Motivating Irreducibility of Hilbert Space for Quantization Axioms

In the context of geometric quantization, we usually look for a map from the Poisson algebra of classical observables to the algebra of quantum observables (or rather, a sub-algebra of the classical observables, depending on polarization).

We also have the following requirements for the quantization map $Q$:

1. $Q$ is $\mathbb{R}$-linear;
2. for $f(x) = 1$ the constant map, we get $Q(f) = (-i\hbar)\mathbb{I}$ the identity operator;
3. brackets map to brackets, i.e. $\{f_1,f_2\} = f_3 \implies [Q(f_1),Q(f_2)] = (-i\hbar)Q(f_3)$; and
4. for $\{f_j\}$ a complete set of classical observables, the quantized Hilbert space $\mathcal{H}$ must be irreducible under the action of $\{Q(f_j)\}$.

Coming from a math background with a weaker physics background, I'm not sure how to motivate this last point. The first three requirements are easily motivated; the map $Q$ should preserve the Lie algebra structure.
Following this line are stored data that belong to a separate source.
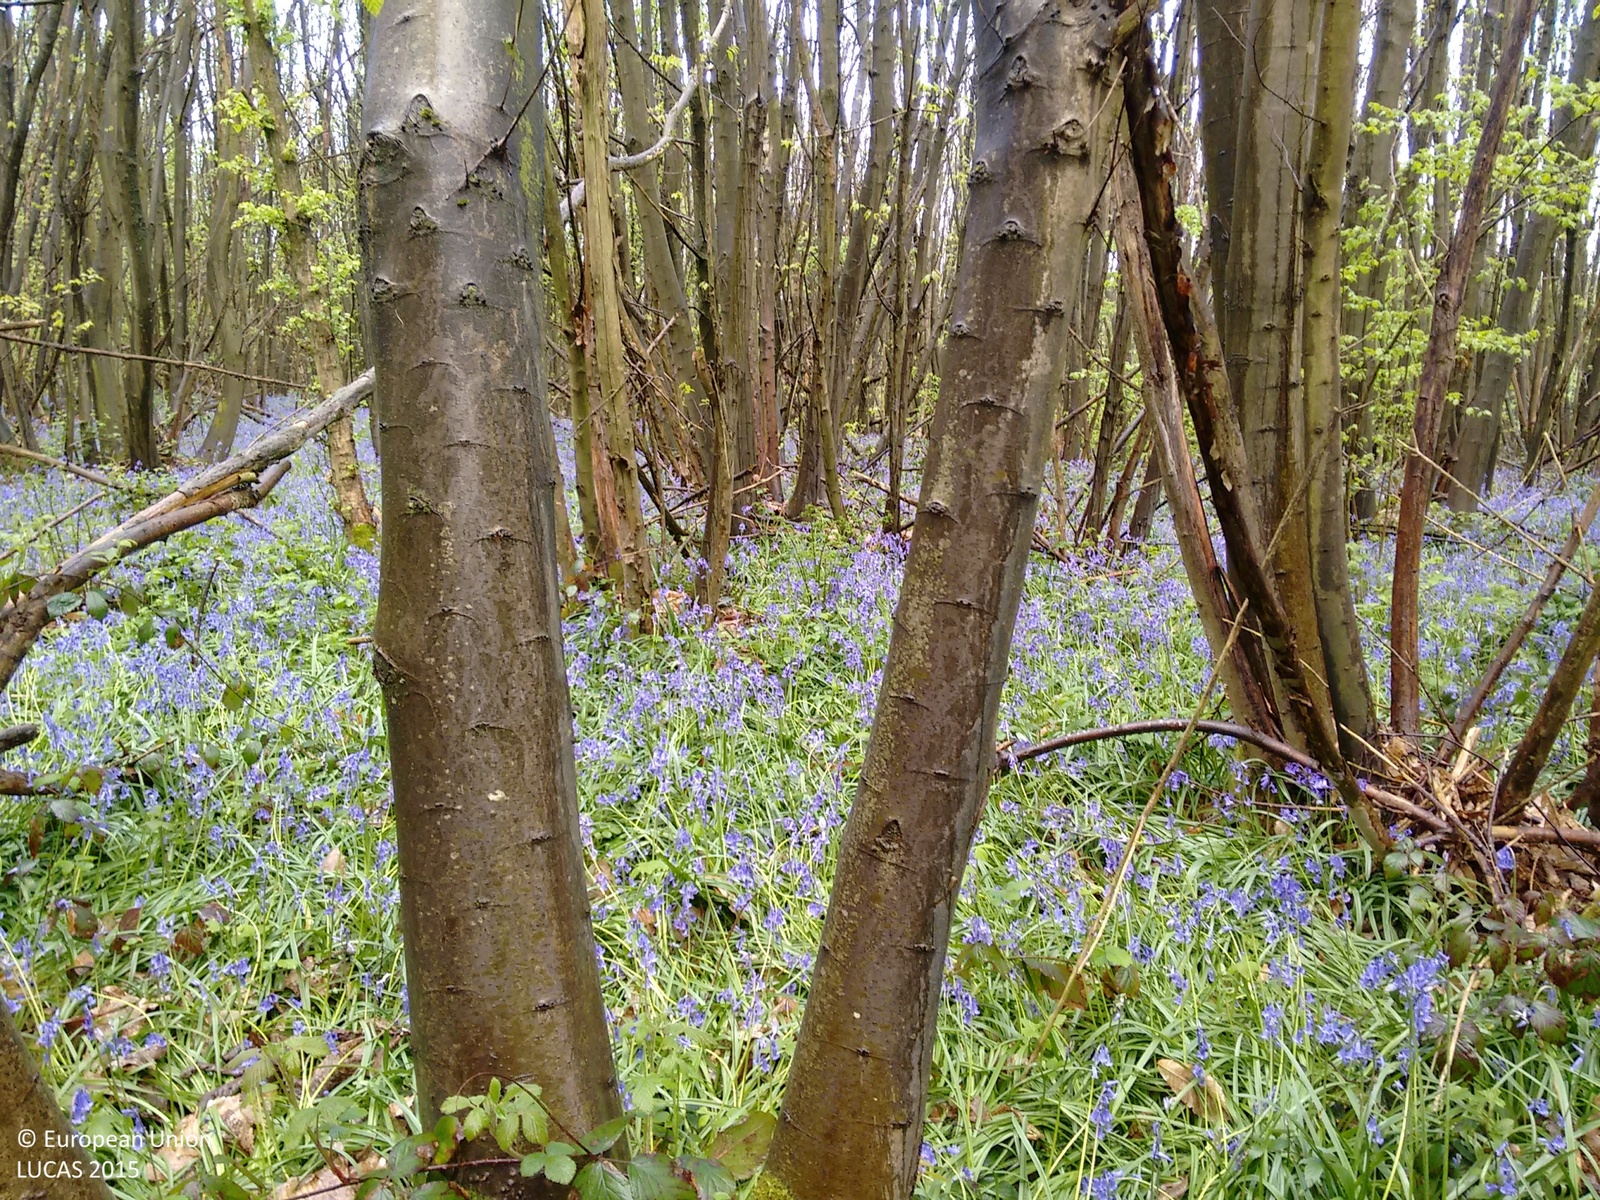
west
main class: Woodland
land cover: Broadleaved woodland
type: mesophytic deciduous forest
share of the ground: > 75 %
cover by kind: broadleaved forest trees 100 %
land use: Forestry
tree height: > 5 m
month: May
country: GB
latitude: 51.3212
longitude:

Certainly if our set of observables is complete (i.e. there are no nontrivial $g$ such that $\{f_j,g\} = 0$ for all $j$), it separates points on the symplectic manifold $M$ that we are trying to quantize. So is the condition related to our ability to recover $M$ from $\mathcal{H}$? Part of me doubts this because, from what I can tell, this was a requirement even in Dirac's early publications, which leads me to think that it has physical significance; I'm also not sure if the ability to recover geometric information from the quantized Hilbert space was a major priority in the early-to-mid 20th century.

Any responses or references are highly appreciated.

This answer is a bit late give how long ago the question was asked! However: The Hilbert space has an inner product that is preserved by the operators. Therefore reducibility (existance of an invariant subspace) implies complete reducibility: a reducible space is the orthogonal direct sum of two invariant component subspaces. We can't get from one subspace to the other by using the complete set of operators, and no measurments can (using only the given operators) detect interference between states in the irreducible components. So we may as well keep only one of them. Thus the basic answer is convenience''.